Back
Home

HPC Hardware & Software


Interconnects

Common switch choices

Slurm

Slurm Workload Manager

Slurm is an open source, fault-tolerant, and highly scalable cluster management and job scheduling system for large and small Linux clusters. Slurm requires no kernel modifications for its operation and is relatively self-contained. As a cluster workload manager, Slurm has three key functions. First, it allocates exclusive and/or non- exclusive access to resources (compute nodes) to users for some duration of time so they can perform work. Second, it provides a framework for starting, executing, and monitoring work (normally a parallel job) on the set of allocated nodes. Finally, it arbitrates contention for resources by managing a queue of pending work.
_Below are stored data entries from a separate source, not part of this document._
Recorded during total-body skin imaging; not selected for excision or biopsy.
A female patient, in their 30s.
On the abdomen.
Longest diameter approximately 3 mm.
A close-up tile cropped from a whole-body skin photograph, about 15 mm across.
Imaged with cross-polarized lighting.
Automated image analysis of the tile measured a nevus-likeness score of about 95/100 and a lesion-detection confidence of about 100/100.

Optional plugins can be used for accounting, advanced reservation, gang scheduling (time sharing for parallel jobs), backfill scheduling, topology optimized resource selection, resource limits by user or bank account, and sophisticated multifactor job prioritization algorithms.

Common commands:

  • scontrol
  • srun
  • squeue
  • sinfo

Ganglia

Ganglia is a scalable distributed monitoring system for high-performance computing systems... such as clusters and Grids. It is based on a hierarchical design targeted at federations of clusters. It leverages widely used technologies such as XML for data representation, XDR for compact, portable data transport, and RRDtool for data storage and visualization. It uses carefully engineered data structures and algorithms to achieve very low per- node overheads and high concurrency. The implementation is robust, has been ported to an extensive set of operating systems and processor architectures, and is currently in use on thousands of clusters around the world. It has been used to link clusters across university campuses and around the world and can scale to handle clusters with 2000 nodes.

MPI

The most common Message Passing Interface options are mpich and mvapich.

IPMI

Intelligent Platform Management Interface
The Intelligent Platform Management Interface (IPMI) is a set of computer interface specifications for an autonomous computer subsystem that provides management and monitoring capabilities independently of the host system's CPU, firmware (BIOS or UEFI) and operating system. IPMI defines a set of interfaces used by system administrators for out-of-band management of computer systems and monitoring of their operation. For example, IPMI provides a way to manage a computer that may be powered off or otherwise unresponsive by using a network connection to the hardware rather than to an operating system or login shell. Another use case may be installing a custom operating system remotely. Without IPMI, installing a custom operating system may require an administrator to be physically present near the computer, insert a DVD or a USB flash drive containing the OS installer and complete the installation process using a monitor and a keyboard. Using IPMI, an administrator can mount an ISO image, simulate an installer DVD, and perform the installation remotely.